Laboratory of Computational Neurophysics, Convergence Research Center for Brain Science, Brain Science Institute, Korea Institute of Science and Technology, 02792 Seoul, Republic of Korea.
Department of Physics and Astronomy and Center for Theoretical Physics, Seoul National University, 08826 Seoul, Republic of Korea.
Front Biosci (Landmark Ed). 2021 Oct 30;26(10):723-739. doi: 10.52586/4983.
: Ever since the seminal work by McCulloch and Pitts, the theory of neural computation and its philosophical foundation known as 'computationalism' have been central to brain-inspired artificial intelligence (AI) technologies. The present study describes neural dynamics and neural coding approaches to understand the mechanisms of neural computation. The primary focus is to characterize the multiscale nature of logic computations in the brain, which might occur at a single neuron level, between neighboring neurons via synaptic transmission, and at the neural circuit level. : For this, we begin the analysis with simple neuron models to account for basic Boolean logic operations at a single neuron level and then move on to the phenomenological neuron models to explain the neural computation from the viewpoints of neural dynamics and neural coding. The roles of synaptic transmission in neural computation are investigated using biologically realistic multi-compartment neuron models: two representative computational entities, CA1 pyramidal neuron in the hippocampus and Purkinje fiber in the cerebellum, are analyzed in the information-theoretic framework. We then construct two-dimensional mutual information maps, which demonstrate that the synaptic transmission can process not only basic AND/OR Boolean logic operations but also the linearly non-separable XOR function. Finally, we provide an overview of the evolutionary algorithm and discuss its benefits in automated neural circuit design for logic operations. : This study provides a comprehensive perspective on the multiscale logic operations in the brain from both neural dynamics and neural coding viewpoints. It should thus be beneficial for understanding computational principles of the brain and may help design biologically plausible neuron models for AI devices.

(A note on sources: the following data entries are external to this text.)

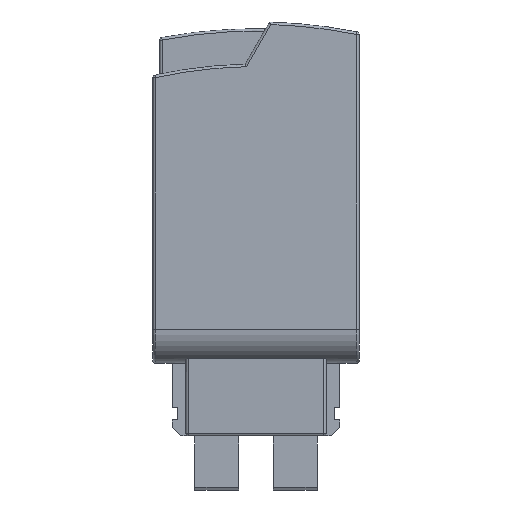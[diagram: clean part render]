
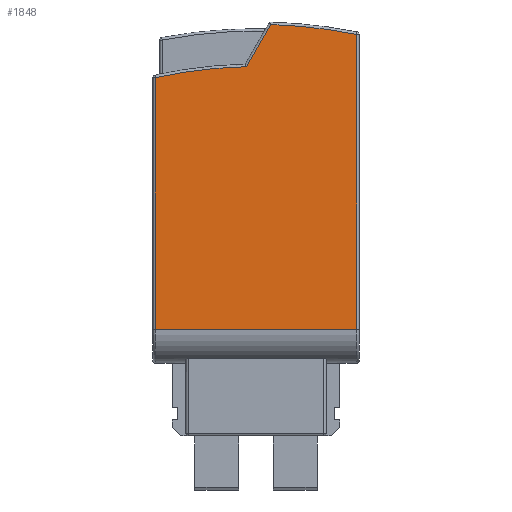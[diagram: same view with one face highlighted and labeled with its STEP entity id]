
A CAD part, top view. The second image highlights one B-rep face of the part: STEP entity #1848.
In plain terms, the highlighted planar face has unit normal (0, 0, 1).
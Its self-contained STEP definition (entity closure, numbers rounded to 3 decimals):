
#53 = VERTEX_POINT ( 'NONE', #1327 ) ;
#106 = DIRECTION ( 'NONE',  ( -1., 0., 0. ) ) ;
#339 = ORIENTED_EDGE ( 'NONE', *, *, #3391, .T. ) ;
#395 = DIRECTION ( 'NONE',  ( 0., 0., -1. ) ) ;
#434 = EDGE_CURVE ( 'NONE', #1604, #2922, #2076, .T. ) ;
#436 = CARTESIAN_POINT ( 'NONE',  ( 11.9, -11., 4.1 ) ) ;
#486 = LINE ( 'NONE', #2878, #1316 ) ;
#652 = DIRECTION ( 'NONE',  ( 0., 0., 1. ) ) ;
#662 = DIRECTION ( 'NONE',  ( -0.5, -0.866, 0. ) ) ;
#707 = DIRECTION ( 'NONE',  ( 1., 0., 0. ) ) ;
#765 = VECTOR ( 'NONE', #662, 1000. ) ;
#988 = PLANE ( 'NONE',  #1471 ) ;
#1061 = CARTESIAN_POINT ( 'NONE',  ( 11.9, 12.6, 4.1 ) ) ;
#1260 = CARTESIAN_POINT ( 'NONE',  ( -24.524, 3.159, 4.1 ) ) ;
#1316 = VECTOR ( 'NONE', #707, 1000. ) ;
#1327 = CARTESIAN_POINT ( 'NONE',  ( 1.754, 48.674, 4.1 ) ) ;
#1458 = ORIENTED_EDGE ( 'NONE', *, *, #2712, .T. ) ;
#1471 = AXIS2_PLACEMENT_3D ( 'NONE', #2257, #395, #2562 ) ;
#1492 = DIRECTION ( 'NONE',  ( 0., -1., 0. ) ) ;
#1589 = LINE ( 'NONE', #1260, #765 ) ;
#1604 = VERTEX_POINT ( 'NONE', #1061 ) ;
#1616 = FACE_OUTER_BOUND ( 'NONE', #4023, .T. ) ;
#1686 = AXIS2_PLACEMENT_3D ( 'NONE', #3815, #1975, #106 ) ;
#1717 = VECTOR ( 'NONE', #1492, 1000. ) ;
#1840 = VERTEX_POINT ( 'NONE', #2862 ) ;
#1848 = ADVANCED_FACE ( 'NONE', ( #1616 ), #988, .F. ) ;
#1861 = EDGE_CURVE ( 'NONE', #3774, #1604, #486, .T. ) ;
#1875 = ORIENTED_EDGE ( 'NONE', *, *, #1942, .T. ) ;
#1942 = EDGE_CURVE ( 'NONE', #2922, #53, #3581, .T. ) ;
#1975 = DIRECTION ( 'NONE',  ( 0., 0., 1. ) ) ;
#2076 = LINE ( 'NONE', #436, #3710 ) ;
#2131 = ORIENTED_EDGE ( 'NONE', *, *, #434, .T. ) ;
#2257 = CARTESIAN_POINT ( 'NONE',  ( 0., -11., 4.1 ) ) ;
#2367 = ORIENTED_EDGE ( 'NONE', *, *, #1861, .T. ) ;
#2478 = CIRCLE ( 'NONE', #3734, 54.7 ) ;
#2511 = CARTESIAN_POINT ( 'NONE',  ( 0., -11., 4.1 ) ) ;
#2534 = LINE ( 'NONE', #3351, #1717 ) ;
#2562 = DIRECTION ( 'NONE',  ( -1., 0., 0. ) ) ;
#2593 = DIRECTION ( 'NONE',  ( 0., 1., 0. ) ) ;
#2712 = EDGE_CURVE ( 'NONE', #53, #1840, #1589, .T. ) ;
#2825 = DIRECTION ( 'NONE',  ( -1., 0., 0. ) ) ;
#2862 = CARTESIAN_POINT ( 'NONE',  ( -1.125, 43.688, 4.1 ) ) ;
#2878 = CARTESIAN_POINT ( 'NONE',  ( 0., 12.6, 4.1 ) ) ;
#2922 = VERTEX_POINT ( 'NONE', #3537 ) ;
#2950 = ORIENTED_EDGE ( 'NONE', *, *, #3591, .T. ) ;
#3351 = CARTESIAN_POINT ( 'NONE',  ( -11.9, -11., 4.1 ) ) ;
#3391 = EDGE_CURVE ( 'NONE', #3869, #3774, #2534, .T. ) ;
#3537 = CARTESIAN_POINT ( 'NONE',  ( 11.9, 47.502, 4.1 ) ) ;
#3538 = CARTESIAN_POINT ( 'NONE',  ( -11.9, 12.6, 4.1 ) ) ;
#3558 = CARTESIAN_POINT ( 'NONE',  ( -11.9, 42.39, 4.1 ) ) ;
#3581 = CIRCLE ( 'NONE', #1686, 59.7 ) ;
#3591 = EDGE_CURVE ( 'NONE', #1840, #3869, #2478, .T. ) ;
#3710 = VECTOR ( 'NONE', #2593, 1000. ) ;
#3734 = AXIS2_PLACEMENT_3D ( 'NONE', #2511, #652, #2825 ) ;
#3774 = VERTEX_POINT ( 'NONE', #3538 ) ;
#3815 = CARTESIAN_POINT ( 'NONE',  ( 0., -11., 4.1 ) ) ;
#3869 = VERTEX_POINT ( 'NONE', #3558 ) ;
#4023 = EDGE_LOOP ( 'NONE', ( #2367, #2131, #1875, #1458, #2950, #339 ) ) ;

自从 McCulloch 和 Pitts 的开创性工作以来,神经计算理论及其被称为“计算主义”的哲学基础一直是受大脑启发的人工智能 (AI) 技术的核心。本研究描述了神经动力学和神经编码方法,以了解神经计算的机制。主要重点是表征大脑中逻辑计算的多尺度性质,这些性质可能发生在单个神经元水平、通过突触传递在相邻神经元之间,以及在神经回路水平上。
为此,我们从简单的神经元模型开始分析,以解释单个神经元水平上的基本布尔逻辑运算,然后转向现象神经元模型,从神经动力学和神经编码的角度解释神经计算。使用具有生物现实性的多腔室神经元模型研究突触传递在神经计算中的作用:在信息论框架中分析了两个代表性的计算实体,海马体中的 CA1 锥体神经元和小脑中的浦肯野纤维。然后,我们构建二维互信息图,证明突触传递不仅可以处理基本的 AND/OR 布尔逻辑运算,还可以处理线性不可分的 XOR 函数。最后,我们对进化算法进行了概述,并讨论了其在自动神经电路设计中的逻辑运算中的优势。
本研究从神经动力学和神经编码的角度提供了对大脑中多尺度逻辑运算的全面视角。因此,它有助于理解大脑的计算原理,并可能有助于设计用于 AI 设备的具有生物学合理性的神经元模型。